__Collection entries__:
- Opening Delimiter -

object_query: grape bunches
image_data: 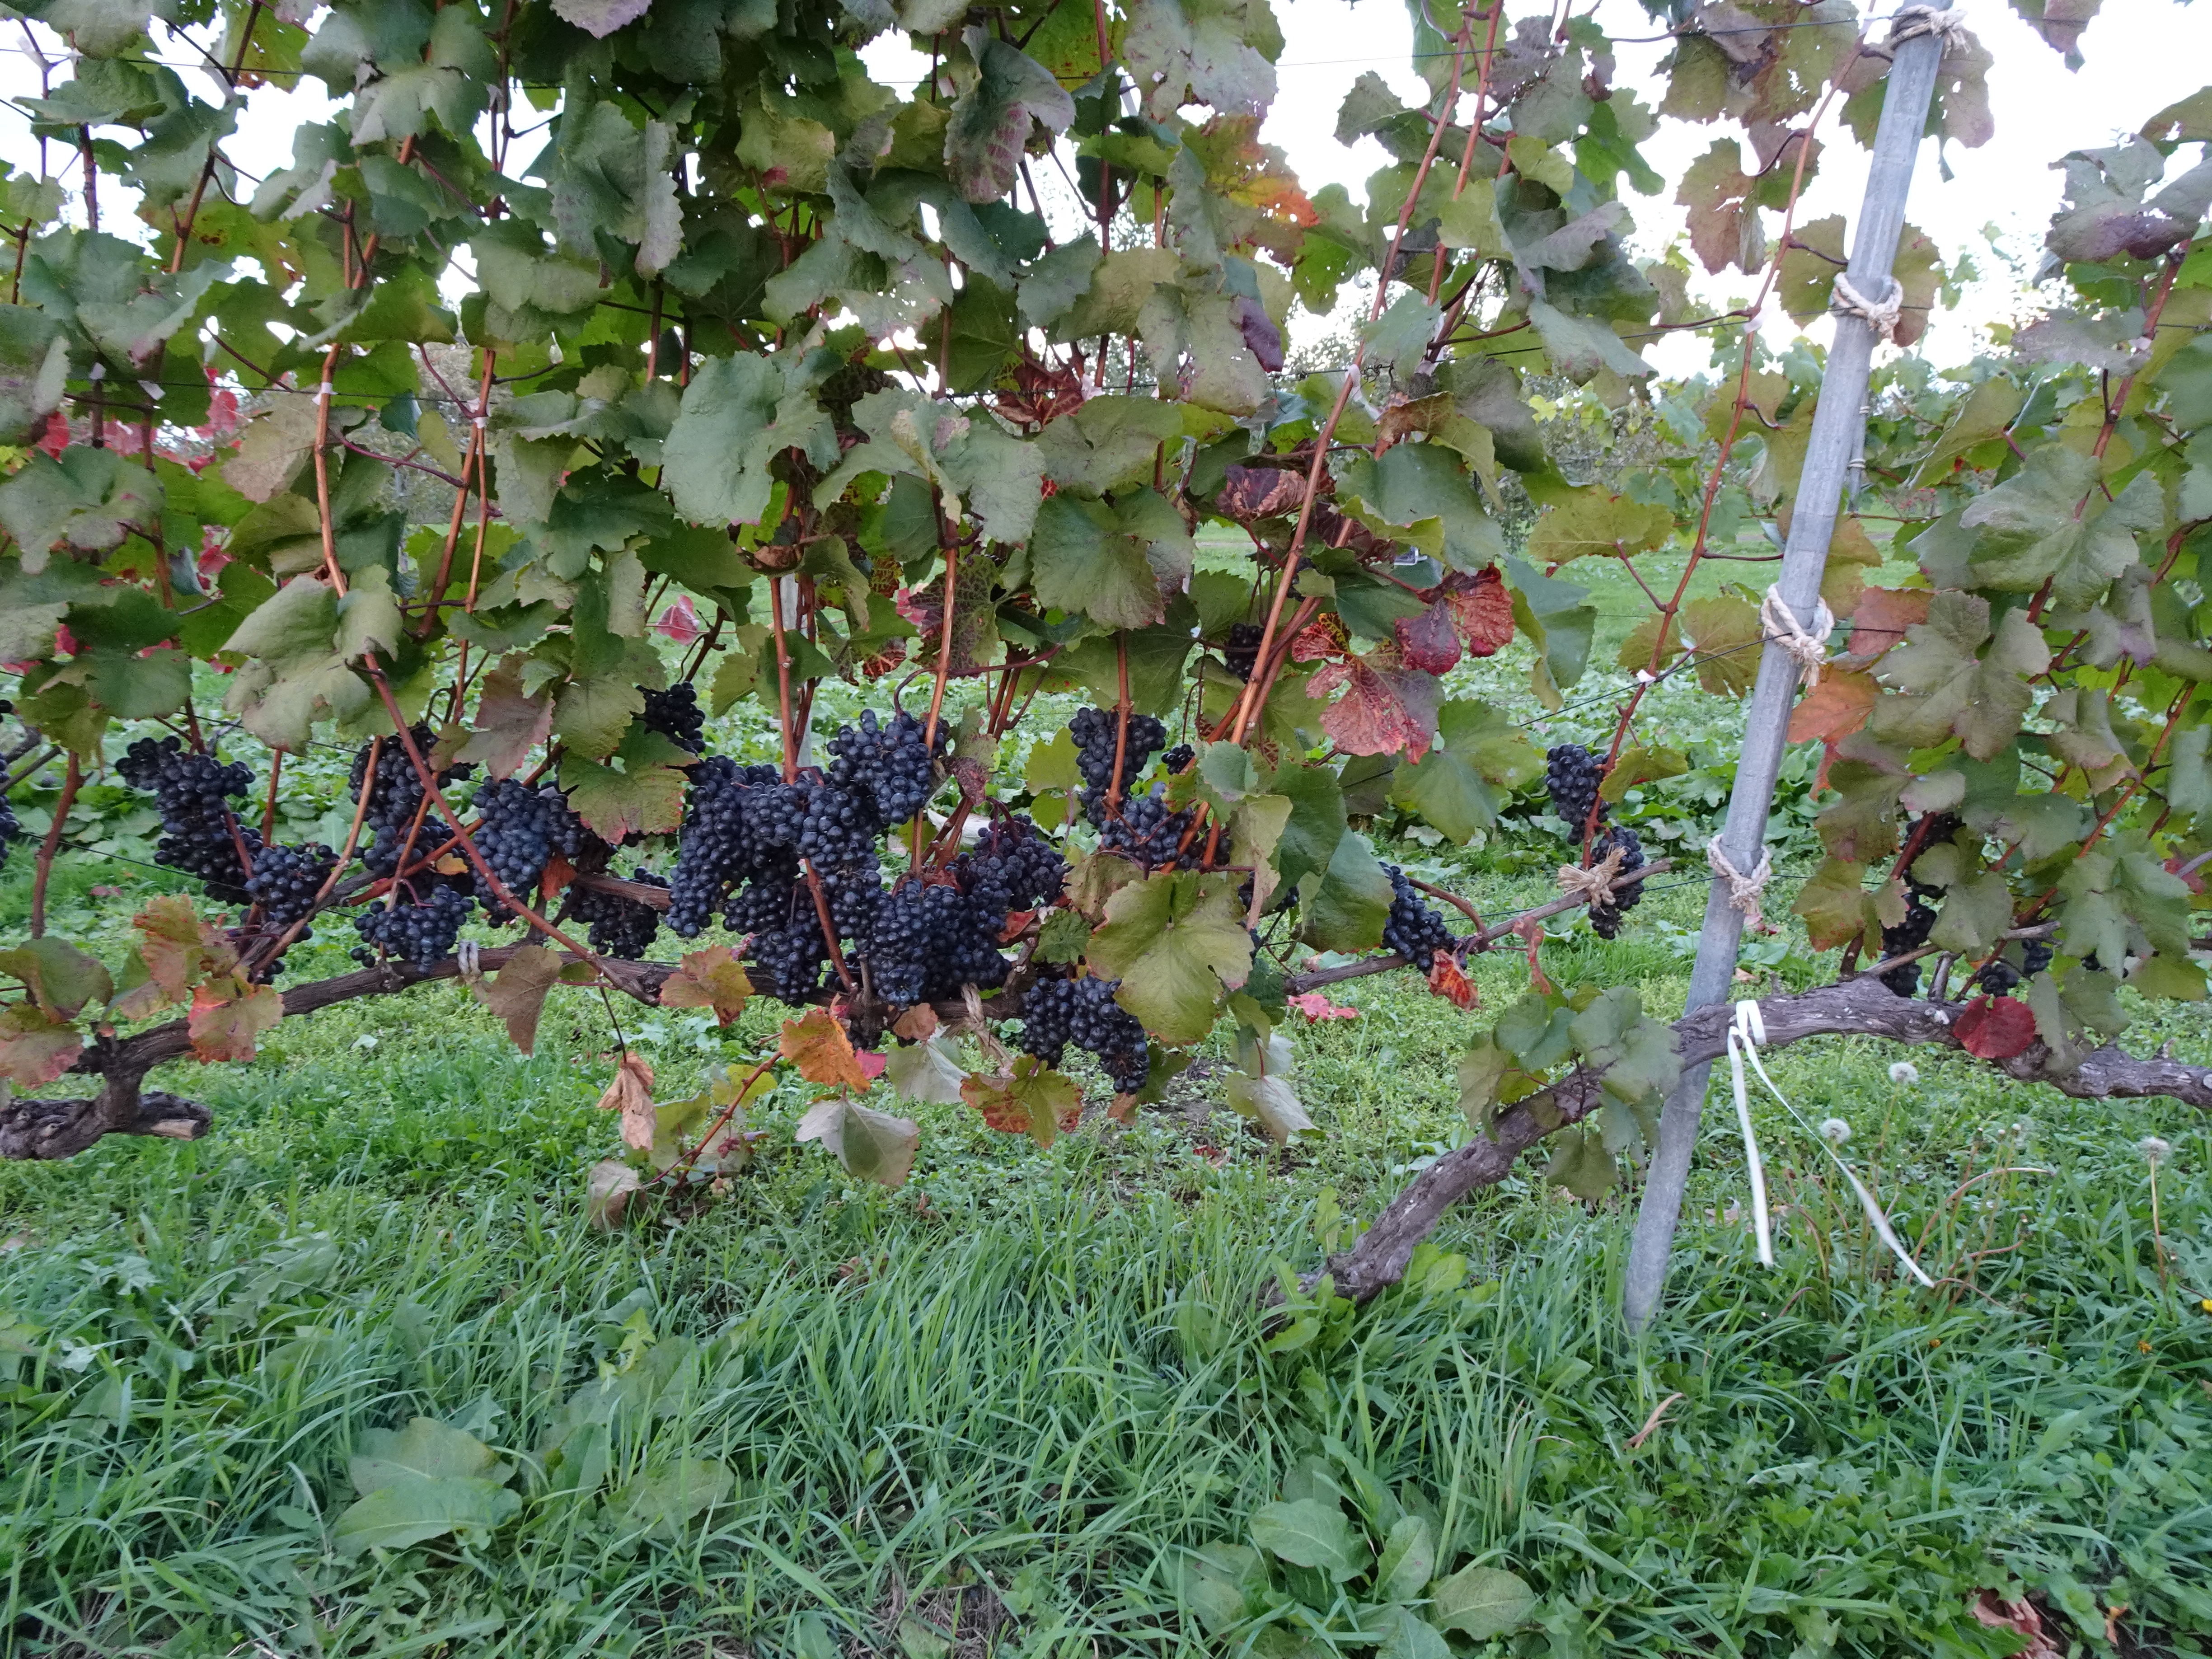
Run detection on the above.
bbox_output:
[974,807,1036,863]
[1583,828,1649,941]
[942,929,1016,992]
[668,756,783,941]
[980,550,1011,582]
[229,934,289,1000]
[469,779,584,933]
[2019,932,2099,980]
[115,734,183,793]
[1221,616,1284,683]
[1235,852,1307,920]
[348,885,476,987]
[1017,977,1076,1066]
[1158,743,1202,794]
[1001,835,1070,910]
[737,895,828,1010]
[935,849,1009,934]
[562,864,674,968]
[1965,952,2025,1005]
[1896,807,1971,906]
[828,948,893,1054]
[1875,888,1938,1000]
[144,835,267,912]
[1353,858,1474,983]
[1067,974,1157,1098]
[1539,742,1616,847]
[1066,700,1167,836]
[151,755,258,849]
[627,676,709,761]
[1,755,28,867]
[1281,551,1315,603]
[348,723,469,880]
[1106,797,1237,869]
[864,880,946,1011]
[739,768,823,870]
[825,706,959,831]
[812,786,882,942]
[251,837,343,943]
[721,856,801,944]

- Closing Delimiter -

__WORK REQUIRED__: Return all the records exactly, excluding images.

__PROBLEM SOLUTION__:
object_query: grape bunches
image_data: 
Run detection on the above.
bbox_output:
[974,807,1036,863]
[1583,828,1649,941]
[942,929,1016,992]
[668,756,783,941]
[980,550,1011,582]
[229,934,289,1000]
[469,779,584,933]
[2019,932,2099,980]
[115,734,183,793]
[1221,616,1284,683]
[1235,852,1307,920]
[348,885,476,987]
[1017,977,1076,1066]
[1158,743,1202,794]
[1001,835,1070,910]
[737,895,828,1010]
[935,849,1009,934]
[562,864,674,968]
[1965,952,2025,1005]
[1896,807,1971,906]
[828,948,893,1054]
[1875,888,1938,1000]
[144,835,267,912]
[1353,858,1474,983]
[1067,974,1157,1098]
[1539,742,1616,847]
[1066,700,1167,836]
[151,755,258,849]
[627,676,709,761]
[1,755,28,867]
[1281,551,1315,603]
[348,723,469,880]
[1106,797,1237,869]
[864,880,946,1011]
[739,768,823,870]
[825,706,959,831]
[812,786,882,942]
[251,837,343,943]
[721,856,801,944]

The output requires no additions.